Sicilia, però. Viscerale, intima e pervasiva ad un tempo. Aria, colore, intercalare tipico, rictus riconoscibili, la mùtria inconfondibile delle donne, le più vere, brave. I palermitani Piazza e Grassadonia sentono, soffrono la loro Isola che qui non è solatia ma notturna, claustrofobica nondimeno autentica e attuale. Solo che per riuscire convincenti, come il loro concittadino Andò, avrebbero dovuto lasciare il racconto al sarcasmo giulivo di Ficarra e Picone. Germano e Servillo impegnano la critica ma non divertono e ciò nuoce al gradimento del pubblico che di denunce, svergognamenti, allusioni a collusioni e quant'altri misfatti dei poteri occulti nel segreto di Pulcinella è stanco e rigetta con tedio e disprezzo. Eppure la prestazione di questi eccellenti e amati attori è il buon motivo per vedere il film. Maschere perfette davvero, manifestazione di un'arte pura, asettica, superiore.

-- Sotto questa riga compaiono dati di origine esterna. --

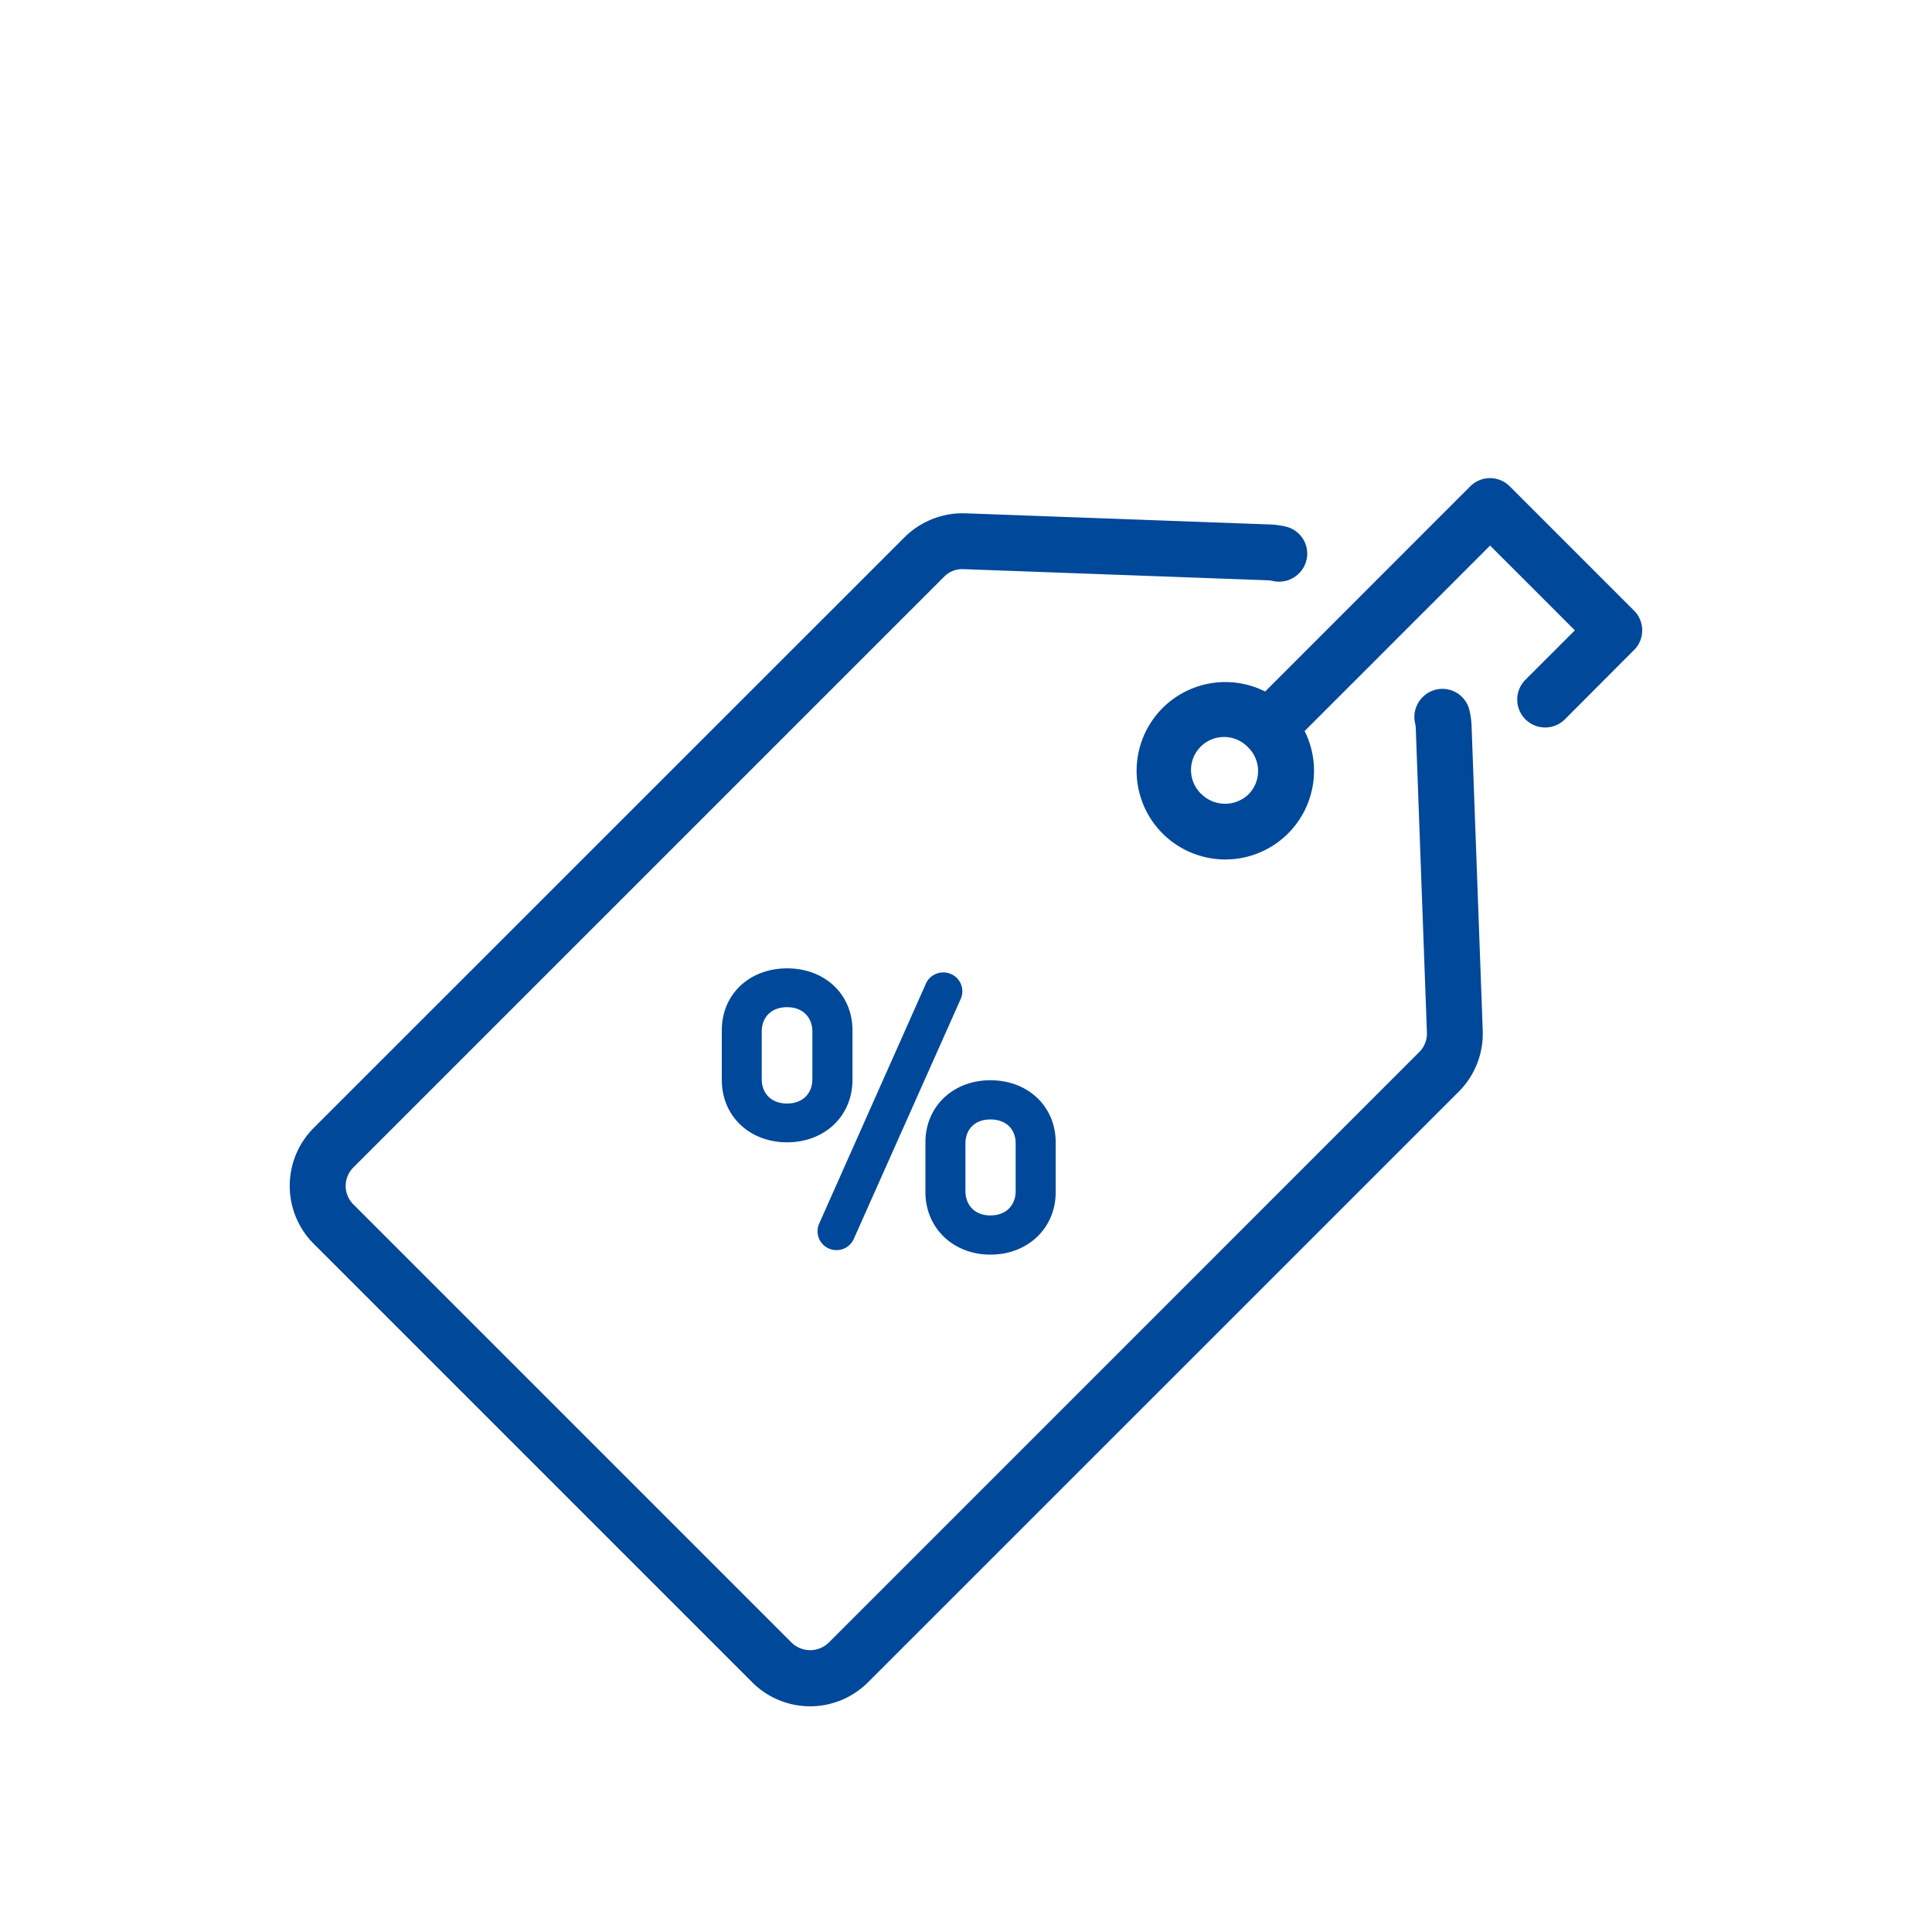 <?xml version="1.0" encoding="utf-8"?><svg id="blue_icons" xmlns="http://www.w3.org/2000/svg" viewBox="0 0 1000 1000"><defs><style>.cls-1{fill:#004899;}</style></defs><title>icon_b2c_features_promotions</title><path id="promotions" class="cls-1" d="M767.46,533.45A42.45,42.45,0,0,1,755.08,565L449.27,870.76a42.35,42.35,0,0,1-59.92,0l-227-227a42.42,42.42,0,0,1,0-59.92L468.2,278.08a42.75,42.75,0,0,1,31.52-12.39l157.6,5.77a41.39,41.39,0,0,1,8.26,1.13,14.36,14.36,0,0,1,6.83,24.13l-.16.16a14.54,14.54,0,0,1-13.56,3.8,13,13,0,0,0-2.43-.32l-157.6-5.77a13.13,13.13,0,0,0-10,3.93L182.84,604.33a13.48,13.48,0,0,0,0,19l227,227a13.8,13.8,0,0,0,19,0L734.64,544.51a13.51,13.51,0,0,0,3.93-10L732.8,376.9a13,13,0,0,0-.32-2.42,14.53,14.53,0,0,1,3.8-13.57l.15-.15a14.37,14.37,0,0,1,24.14,6.83,42,42,0,0,1,1.12,8.25Zm78.3-197L810,372.31a14.46,14.46,0,1,1-20.45-20.45l25.6-25.59-43.88-43.88-96,96a45.91,45.91,0,1,1-20.43-20.46L761,251.72a14.45,14.45,0,0,1,20.45,0l64.32,64.33A14.44,14.44,0,0,1,845.76,336.49ZM646.18,387A17.11,17.11,0,1,0,622,411.17a17.52,17.52,0,0,0,24.2,0A17.12,17.12,0,0,0,646.18,387ZM433,647.06h0a9.75,9.75,0,0,0,8.91-5.79l55.35-124.2a9.76,9.76,0,0,0-8.91-13.73h-.19a9.77,9.77,0,0,0-8.92,5.8L424,633.34A9.76,9.76,0,0,0,433,647.06Zm-25.58-55.8c-19.44,0-33.82-13.52-33.82-32.34V533.35c0-18.81,14.38-32.13,33.82-32.13s33.82,13.32,33.82,32.13v25.57C441.19,577.74,426.82,591.26,407.37,591.26ZM420.48,534c0-7.39-4.87-12.68-13.11-12.68s-13.1,5.29-13.1,12.68V558.5c0,7.4,4.86,12.68,13.1,12.68s13.11-5.28,13.11-12.68ZM479,617.05V591.26c0-18.6,14.37-32.12,33.61-32.12,19.44,0,33.81,13.52,33.81,32.12v25.79c0,18.6-14.37,32.34-33.81,32.34C493.39,649.39,479,635.65,479,617.05Zm20.71-.64c0,7.4,4.87,12.69,12.9,12.69,8.24,0,13.1-5.29,13.1-12.69V591.9c0-7.4-4.86-12.47-13.1-12.47-8,0-12.9,5.07-12.9,12.47Z"/></svg>

Pretestuoso e opinabile, invece, il riferimento a fatti accaduti, a persone esistite. Per quello che ho capito, questo Matteo (chiameranno ancora così i bambini?) poteva "latitare" per altri 30 anni. Eppure, forse campava di più se si faceva arrestare prima. Penso che non fu "riconosciuto" ma si consegnò volontariamente per farsi curare meglio nel patetico tentatico del terminale che spera di prolungare un giorno, un'ora.
Non proseguo su un terreno minato, non ce n'è di bisogno, ognuno di voi ha gia elaborato proprie riflessioni. Ricordo soltanto che, passando anni fa per caso da Castelvetrano , un paesone agricolo che produce un olio cha difficilmente assaggerete (va quasi tutto in America), mi apparve come un suburb di Los Angeles.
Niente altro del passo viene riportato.